*** Opening of RECORDS FOR THIS TASK ***

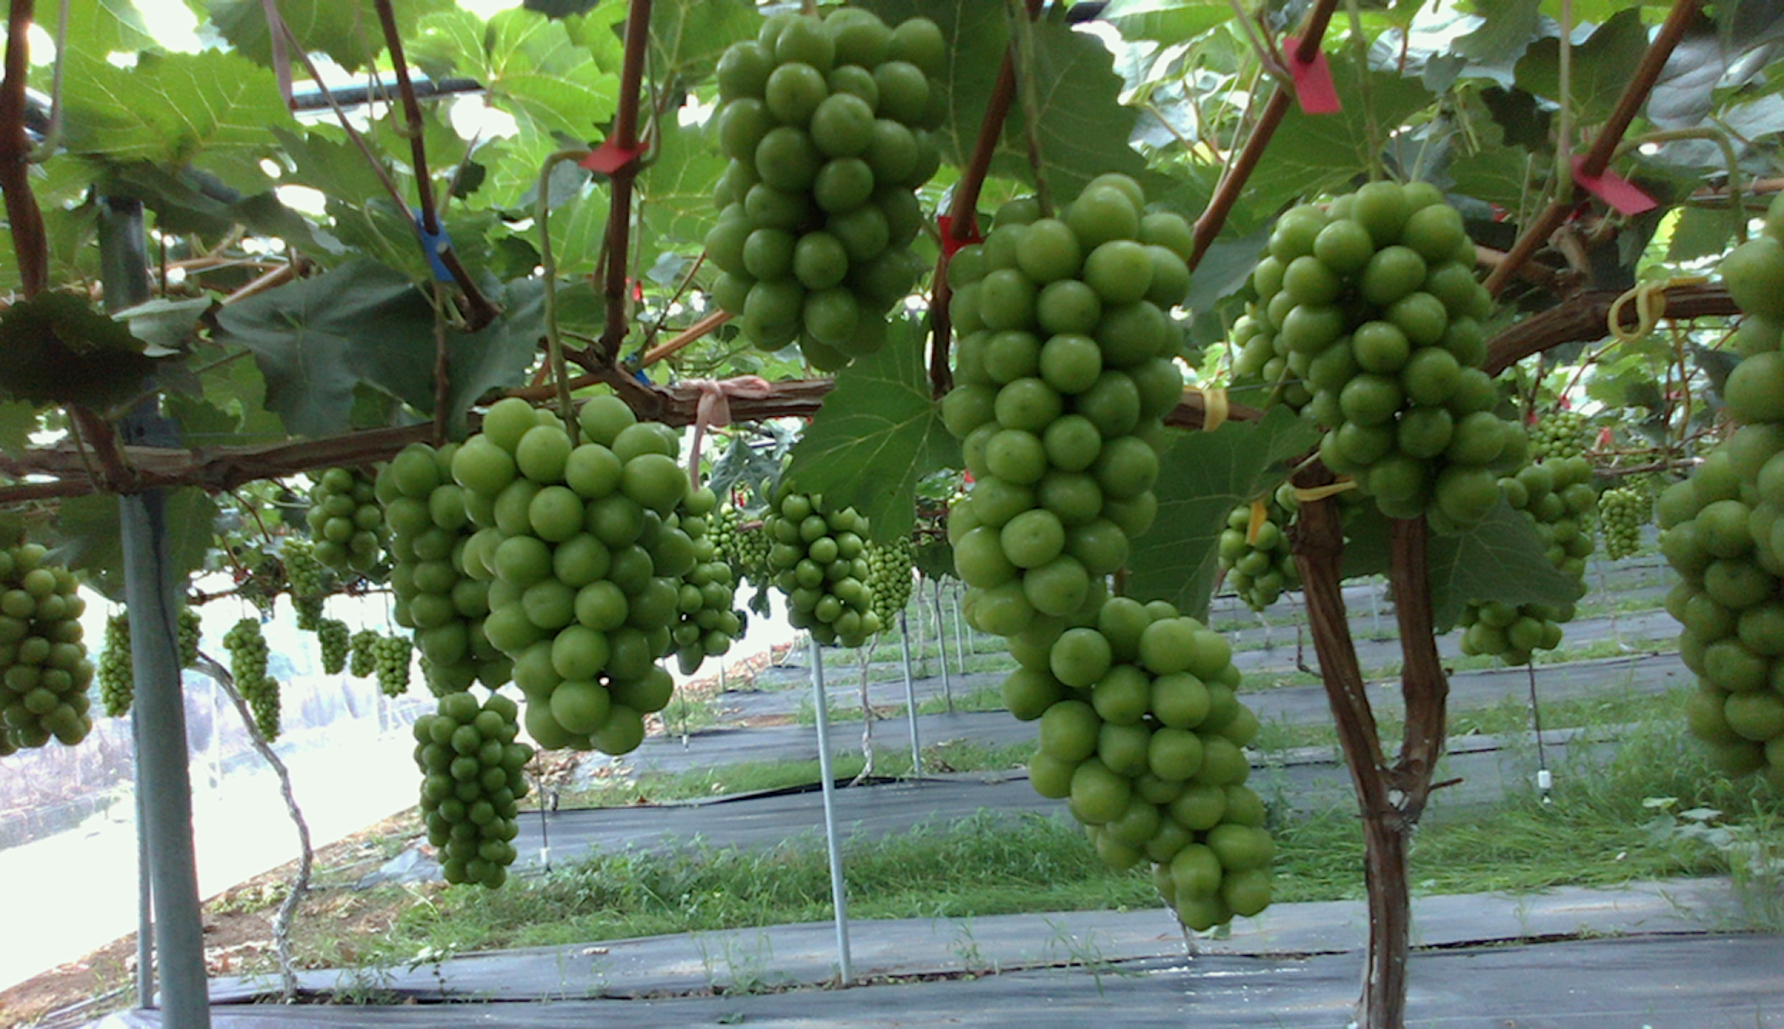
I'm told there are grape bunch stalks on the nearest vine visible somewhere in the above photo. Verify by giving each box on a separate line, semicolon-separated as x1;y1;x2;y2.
533;149;589;449
1345;1;1382;183
1607;126;1751;244
1012;0;1055;217
430;274;450;450
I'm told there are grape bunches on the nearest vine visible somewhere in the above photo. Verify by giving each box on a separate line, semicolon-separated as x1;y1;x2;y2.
1002;596;1275;933
941;171;1195;667
1254;180;1528;536
450;396;695;755
700;6;949;372
376;440;513;693
1721;189;1783;565
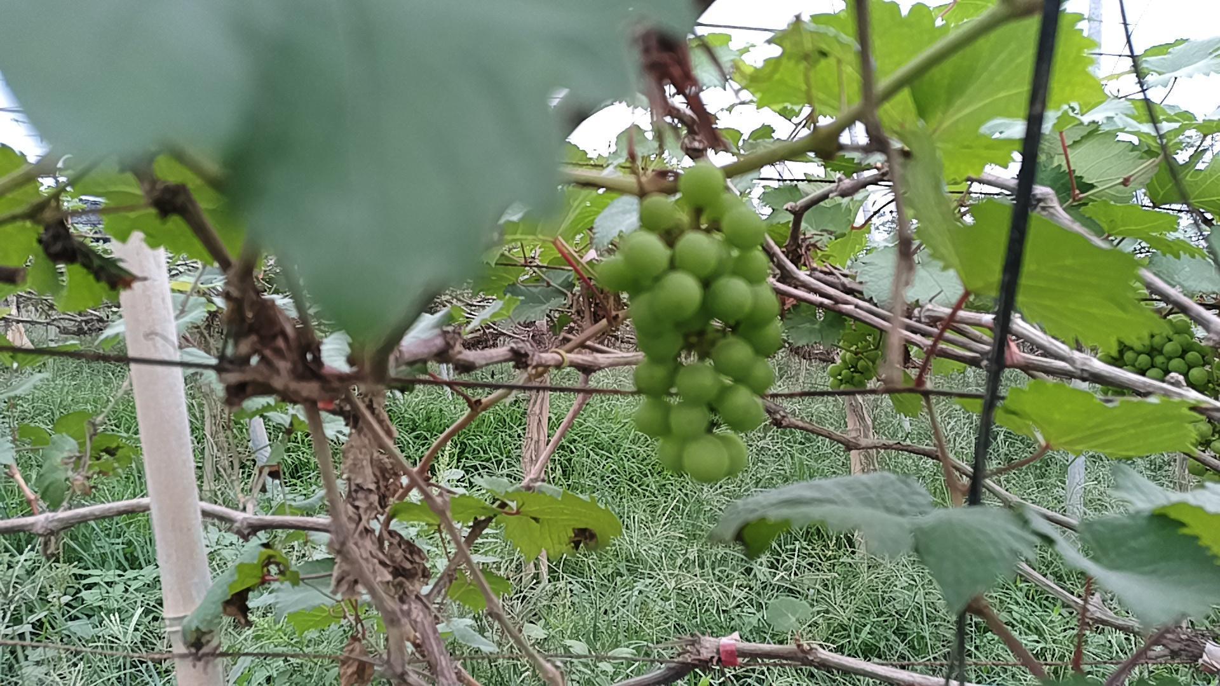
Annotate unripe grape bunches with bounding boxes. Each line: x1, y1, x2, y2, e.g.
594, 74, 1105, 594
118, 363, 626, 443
1092, 319, 1219, 458
600, 161, 780, 481
828, 322, 882, 387
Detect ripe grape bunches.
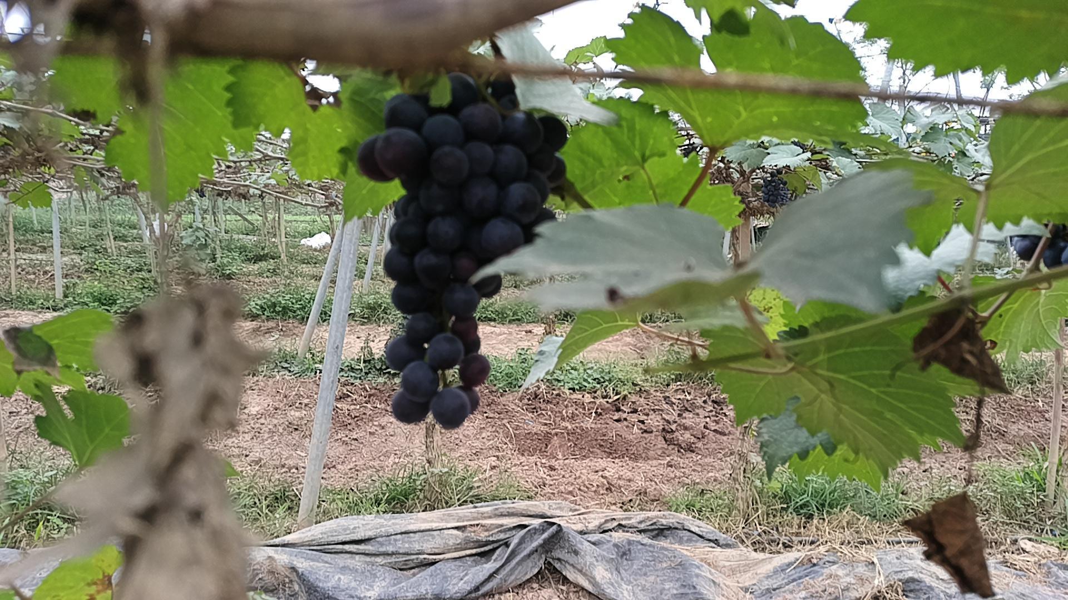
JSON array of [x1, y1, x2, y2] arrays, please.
[[761, 173, 790, 208], [1009, 221, 1067, 268], [358, 74, 566, 428]]
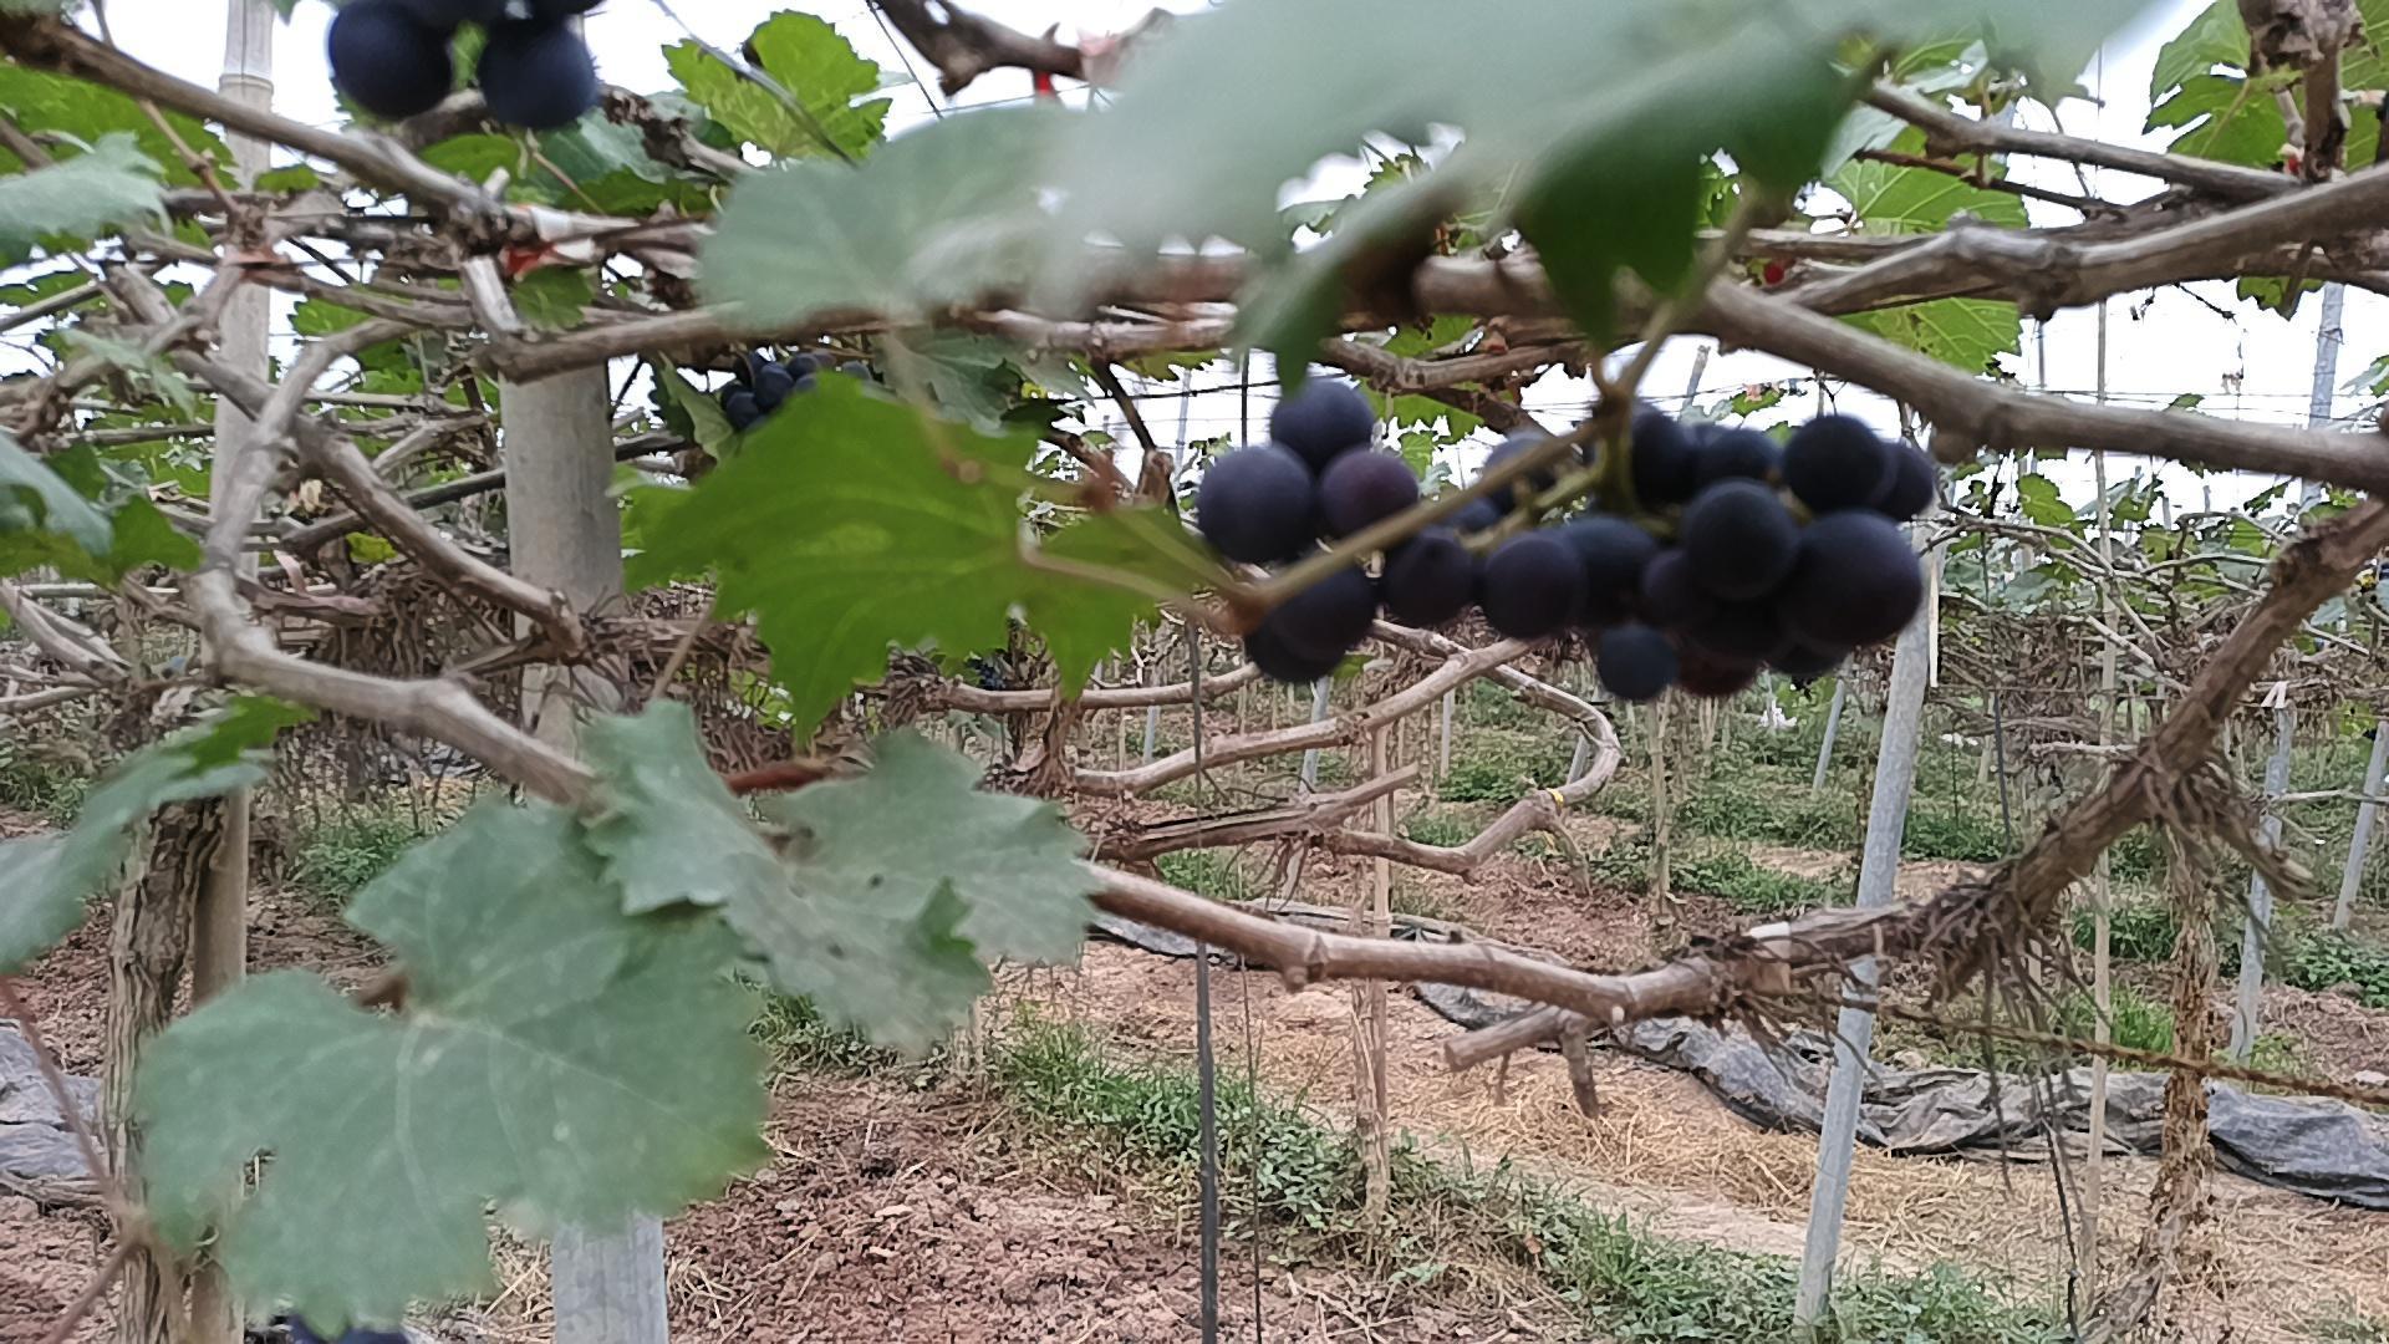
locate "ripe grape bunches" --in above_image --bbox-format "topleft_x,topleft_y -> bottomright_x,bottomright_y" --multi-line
327,0 -> 601,132
714,347 -> 882,438
1192,377 -> 1939,701

*** Close of RECORDS FOR THIS TASK ***

**EXERCISE AIM**
Leave the pictures out and write out every entry exactly as given.

**COMPLETED EXERCISE**
I'm told there are grape bunch stalks on the nearest vine visible somewhere in the above photo. Verify by giving each box on a separate line, semicolon-separated as x1;y1;x2;y2.
533;149;589;449
1345;1;1382;183
1607;126;1751;244
1012;0;1055;217
430;274;450;450
I'm told there are grape bunches on the nearest vine visible somewhere in the above photo. Verify by giving each box on a separate line, semicolon-separated as x1;y1;x2;y2.
1002;596;1275;933
941;171;1195;667
1254;180;1528;536
450;396;695;755
700;6;949;372
376;440;513;693
1721;189;1783;565
Annotate unripe grape bunches with bounding boxes. Each line: x1, y1, x2, y2, e.g.
594, 74, 1105, 594
118, 363, 626, 443
1092, 319, 1219, 458
600, 161, 780, 481
828, 322, 882, 387
Detect ripe grape bunches.
JSON array of [x1, y1, x2, y2] arrays, please.
[[761, 173, 790, 208], [1009, 221, 1067, 268], [358, 74, 566, 428]]
locate "ripe grape bunches" --in above_image --bbox-format "topleft_x,topleft_y -> bottomright_x,bottomright_y" --multi-line
327,0 -> 601,132
714,347 -> 882,438
1192,377 -> 1939,701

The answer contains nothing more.